Kondisi ini berdampak pada upaya saling pengertian antara Pak Geuchik dengan lembaga pengawas yang harusnya berada pada jalur independen atau Wasit dalam hal pengawasan , pengayoman, pembinaan dan penindakan, lantas menjadikan dirinya sebagai PlayMaker Layaknya pemain gelandang tengah. Yang lincah dengan Bola bola operan kiri kanan dalam melirik cantiknya gadis desa.
Bila kondisi ini terus berlanjut. Seperti Kata Novel Baswedan. Indonesia berbahaya bagi orang orang yang ingin memberantas korupsi.
BINTEK DALAM SEBUAH KISAH
Kembali kepada Bintek.Disalah satu Desa Antah berantah ( nama samaran ) Pada saat musrenbangdes . Pak Geuchik nya langsung bilang ini ada beberapa pos anggaran untuk bintek sekitar puluhan juta tidak bisa diganggu gugat karena agenda kolektif. Intinya untuk anggaran ini tidak perlu dimusyawarahkan.

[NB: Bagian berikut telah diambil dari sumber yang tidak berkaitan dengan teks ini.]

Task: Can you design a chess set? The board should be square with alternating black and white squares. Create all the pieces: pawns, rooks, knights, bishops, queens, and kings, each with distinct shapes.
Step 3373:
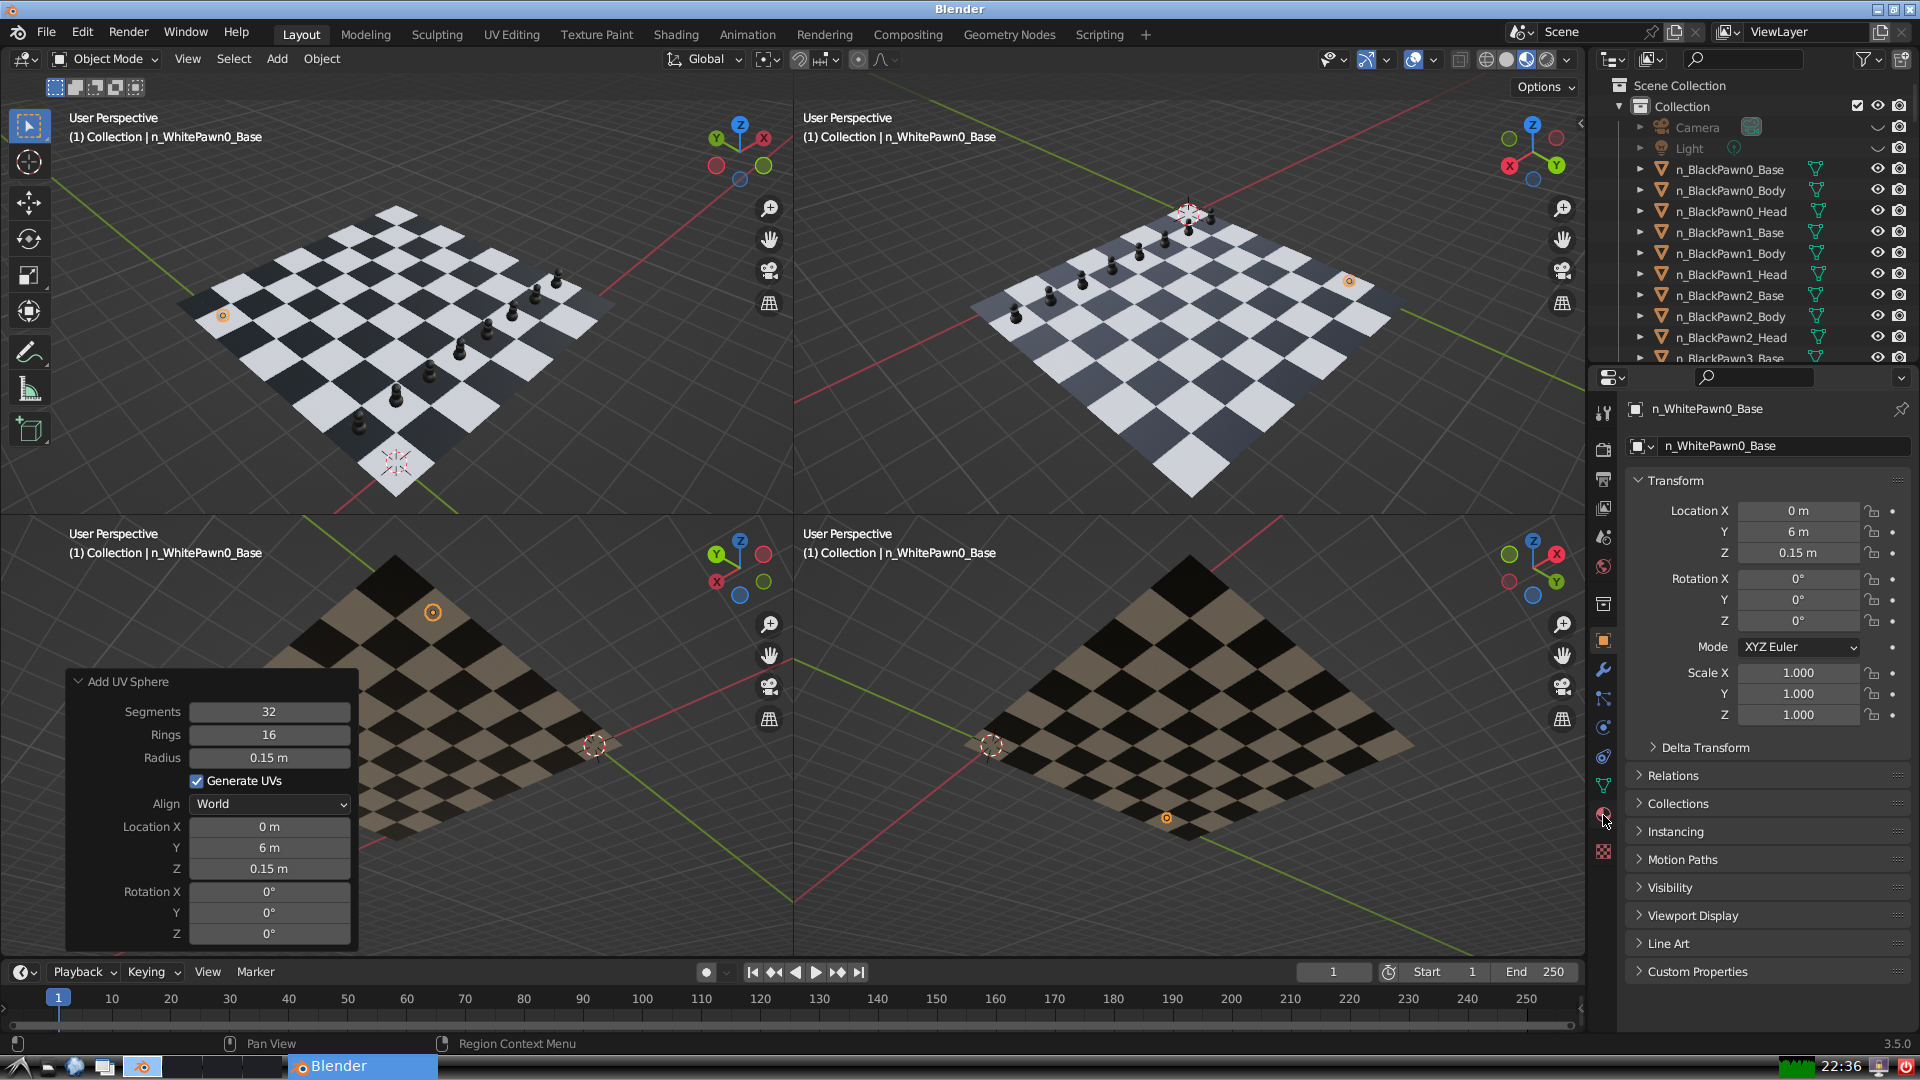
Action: click: no

Dan PlayMaker sudah pasti telah menyiapkan langkah langkah yang perlu dilakukan termasuk menyiapkan lembaga penyelenggara bintek.
Uniknya.lagi dari beberapa program titipan yang diusulkan oleh pihak ketiga ini tidak jelas. Proposalnya.
Berapa anggaran yang dibutuhkan. Siapa penyelenggara. Tempatnya dimana . Materi yang disajikan apa saja . Dan peserta yang ikut harusnya sesuai dengan materi Bintek. Ini juga tidak jelas. Sehingga hampir setiap tahun anggaran peserta bintek Keuchik Gampong selalu ikut serta. ?meskipun sudah pernah bintek beberapa kali.
Jadi dari uraian cerita diatas kiranya kita dapat sedikit gambaran bintek yang sedang dan akan dilaksanakan sekarang oleh desa desa di Aceh Utara. Dari awalnya apa pantas disebut sebagai Hasil Musrenbangdes atau hanya program GADIS DESA YANG RUPAWAN.